Fast-forward to when we were two months married in early 2009. I was a “full-time” freelance writer working on my novel in Miami. I say that with air quotes because I hadn’t exactly built a thriving business. I had a separate, non-writing part-time gig that made up about 90% of my income. One day, my husband (we’ll call him E) came home from work and said: “I think I want to go back to school.” Not just that, though. He wanted to quit his job and go back to school in another state. This meant we’d be relying on my income alone. It meant that if I wanted to pick up my writing business and take it with me, I’d need to finally make it work, completely on its own.
I was terrified of failing. I was terrified I wouldn’t be able to find clients or consistent writing assignments. I was terrified my novel would become a dream I never had time for, especially now that I was a sole breadwinner. We made a deal: we’ll move to Texas, E will go to school, and I’ll give myself 6 months to make freelance writing work, or else look for a “real” job.
I never did have to look for that job. My fear of failure was so strong that I ended up using it to push me in ways I never could have before. In Miami, I’d always had a safety net: my part-time job, my husband’s job, all the time in the world to write my novel. Without any of that, failure was simply no longer an option. I thought my fear would’ve been paralyzing, but instead it drove me to work harder than I thought I was capable of. I needed my fear. It became my fuel, constantly converted to energy I didn’t know I had.
So lately, as my pub date approaches, I find myself with a new set of fears: What if people don’t like my book? What if it doesn’t sell well? What if I can’t write the next one? And I have to remind myself to stop, take a deep breath, and let those fears sink in for a bit. Hell, let them take over me sometimes—that’s okay, too. So long as I figure out a way to use them or ignore them.
How do you deal with your fear?
I love your consistent positive outlook, Natalia. Wonderful post! That fear certainly fuels my fire (along with the ruler-wielding schoolmarm lol).
Thanks, Heather! It’s not TOO consistently positive…I’ve been known to let myself mope quite a bit from time to time. But I guess what matters is that you pick yourself up, right? 😉
I can really relate to this — isn’t there always something to fear? I’m always fearing that fear will paralyze me, too (but like you, it never does). Clearly the fuel is working!

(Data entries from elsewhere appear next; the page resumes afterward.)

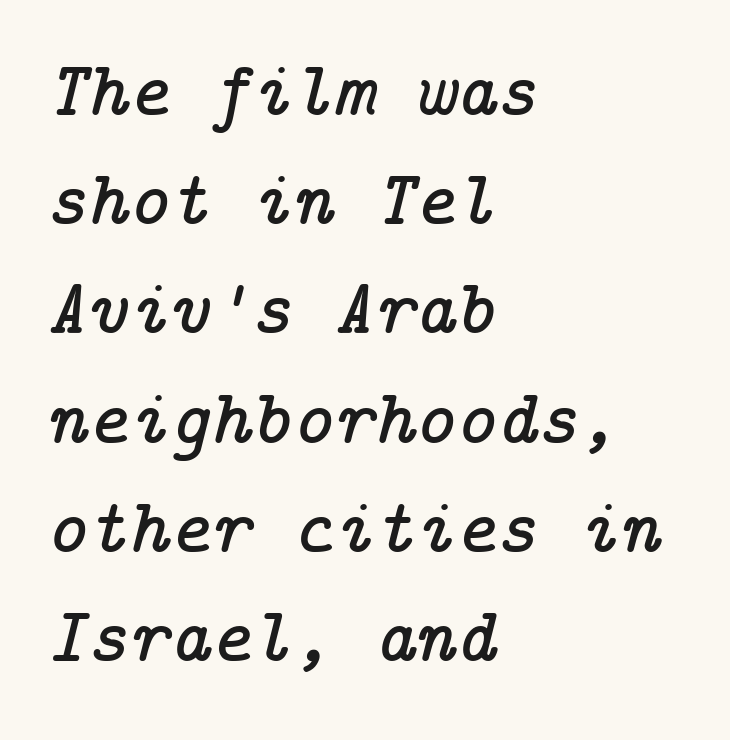
Q: Is the text italic (slanted)? A: Yes, it leans right by about 14 degrees.
Q: Is the typeface a serif or a sans-serif typeface? A: Serif.
Q: Is the text underlined? A: No.
Q: How is the paragraph aligned? A: Left-aligned.
Q: Is the spacing between letters normal or unusually wide? A: Normal.
Q: Is the spacing between lines tight, normal or loose? A: Normal.
Q: Width (condensed, normal, or wide)? A: Normal.
Q: Stroke contrast? A: Low.
Q: x-height? A: Medium.
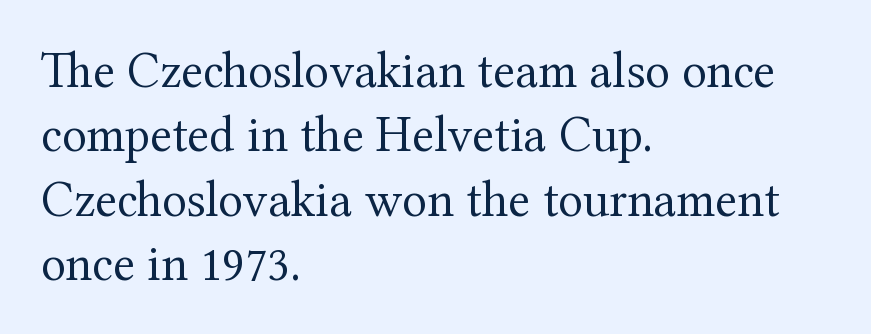
{"serif": "yes", "italic": "no", "bold": "no", "weight": "regular", "width": "normal", "stroke_contrast": "medium", "x_height": "medium", "monospaced": "no", "underline": "no", "align": "left", "line_spacing": "normal", "line_spacing_ratio": 1.26, "letter_spacing": "normal", "letter_spacing_em": 0.0, "glyph_px": 51}
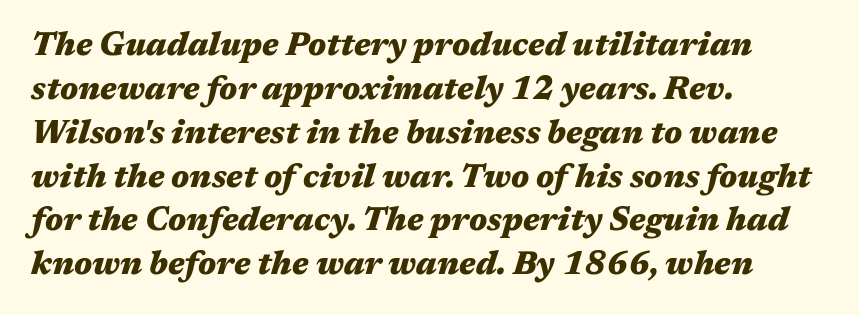
{"italic": "yes", "lean": "right", "slant_degrees": 17, "bold": "yes", "weight": "heavy", "width": "wide", "stroke_contrast": "medium", "x_height": "medium", "monospaced": "no", "underline": "no", "align": "left", "line_spacing": "normal", "line_spacing_ratio": 1.37, "letter_spacing": "normal", "letter_spacing_em": 0.0, "glyph_px": 32}
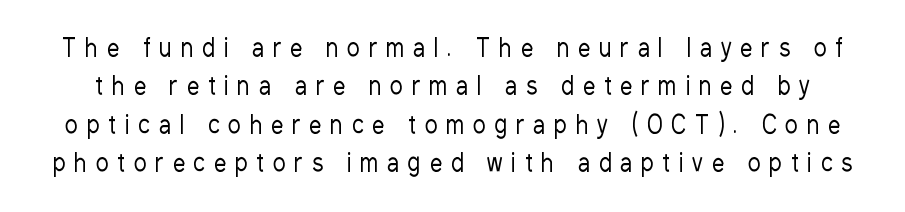
Q: Is the text bold? A: No.
Q: Is the text italic (slanted)? A: No, it is upright.
Q: Is the text underlined? A: No.
Q: Is the spacing between letters normal or unusually wide? A: Unusually wide.
Q: Is the spacing between lines tight, normal or loose? A: Normal.
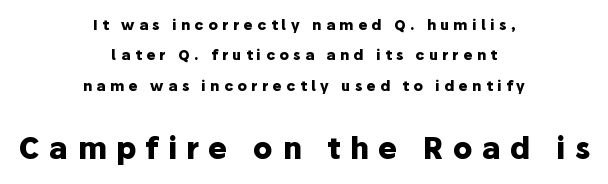
Q: Is the text bold? A: Yes.
Q: Is the text italic (slanted)? A: No, it is upright.
Q: Is the typeface a serif or a sans-serif typeface? A: Sans-serif.
Q: Is the text underlined? A: No.
Q: How is the paragraph aligned? A: Centered.
Q: Is the spacing between letters normal or unusually wide? A: Unusually wide.
Q: Is the spacing between lines tight, normal or loose? A: Loose.
Q: Which block of text is set in a larger size, the first (top) or the second (bottom)? A: The second (bottom) one.
Q: Width (condensed, normal, or wide)? A: Normal.
Q: Stroke contrast? A: Low.
Q: x-height? A: Medium.
Q: Monospaced? A: No.

Thanks, Julia! The other thing I’ve noticed is that fear is always at its worst before things have happened…the anticipation amplifies it. Once whatever we’re afraid of actually starts, we tend to just do what we have to do. No time to think about other things like fear!
I love this story. Truly we never know what we can do until we challenge ourselves to let go of the fear and try.
Exactly. Except for bungee jumping. I know I can’t do that. I just KNOW it.
Great post. Fear is definitely my fuel.
Thanks, Andrea! I’m glad to see so many of us use it to stay motivated.
Everything about the writing journey has terrified me. I remember my first workshop experience. I was practically in spasm I shook so hard before reading my weekly exercise to the group. Same with agent one-on-ones. I must have wanted it bad to put myself through that!
Omg, my first agent one-on-one was terrifying. My palms were all sweaty and my voice kept getting really high-pitched from the nerves. The agent was so kind about it, though, and really put me at ease. That’s the other thing: so much of publishing is scary because we build it up in our minds. But we forget that these are our people! Book lovers and readers and writers! What’s scary about that?
I love the way you push yourself to succeed by conquering your fear and the roadblocks all in one. You’ve got such an inspiring story – and it sounds like you’ve got a wonderful husband too!
He’s a great catch, if I do say so 😉 We’ve known each other 10 years now and what I love most is that we constantly challenge ourselves.
Fear IS a great motivator, isn’t it? Well, Natalia, I think you know that I faced the exact same situation with my freelance business and my husband. Exact. I’d been full-time freelancing for only four months and didn’t have my business built up, either, when my husband came home and said, happily: “I quit my job. I want to go to school.” WOO WEE – talk about shock. But we made it work!
Yes! I’m still so amazed that we went through the same exact thing. That must be one of the (many) reasons that we’ve connected the way we have over the years.
This is such an inspiring post! Thanks for helping me think about fear in a positive way.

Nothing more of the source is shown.